Your task
Please output the records below in full, exactly as given, but without the images.

Stored data entries
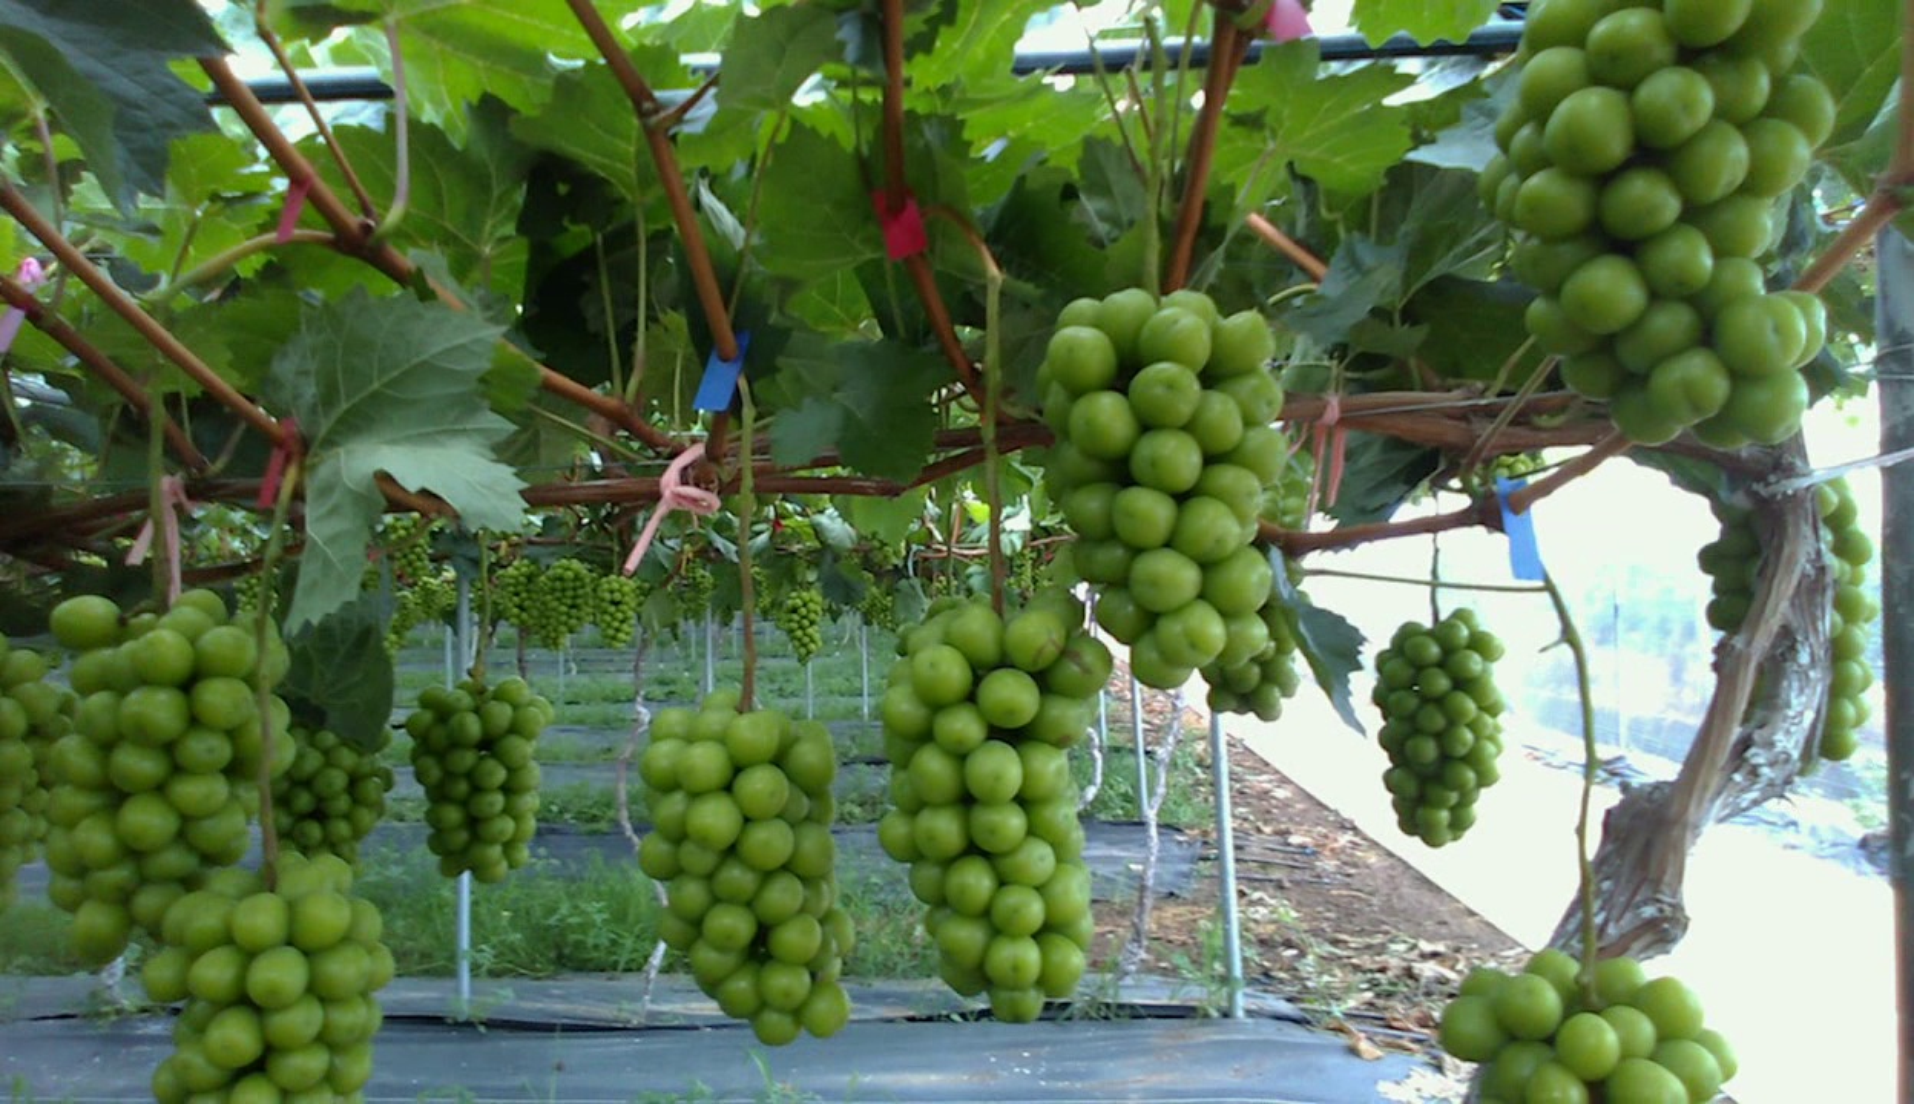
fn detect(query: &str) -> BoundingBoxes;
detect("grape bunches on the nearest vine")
[43,592,256,969]
[633,688,853,1046]
[1035,287,1291,692]
[406,676,554,883]
[1439,949,1733,1102]
[876,586,1113,1024]
[149,853,399,1102]
[1477,0,1834,451]
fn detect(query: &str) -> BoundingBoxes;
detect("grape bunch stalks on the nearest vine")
[147,347,169,613]
[466,531,491,679]
[255,465,298,891]
[1538,575,1601,1009]
[1144,17,1170,304]
[925,204,1005,615]
[736,373,756,711]

Answer space
fn detect(query: &str) -> BoundingBoxes;
detect("grape bunches on the nearest vine")
[43,592,256,969]
[633,688,853,1046]
[1035,287,1291,692]
[406,676,554,883]
[1439,949,1733,1102]
[876,586,1113,1024]
[149,853,399,1102]
[1477,0,1834,451]
fn detect(query: &str) -> BoundingBoxes;
detect("grape bunch stalks on the nearest vine")
[147,347,169,613]
[466,531,491,679]
[255,465,298,891]
[1538,575,1601,1009]
[1144,17,1170,304]
[925,204,1005,615]
[736,373,756,711]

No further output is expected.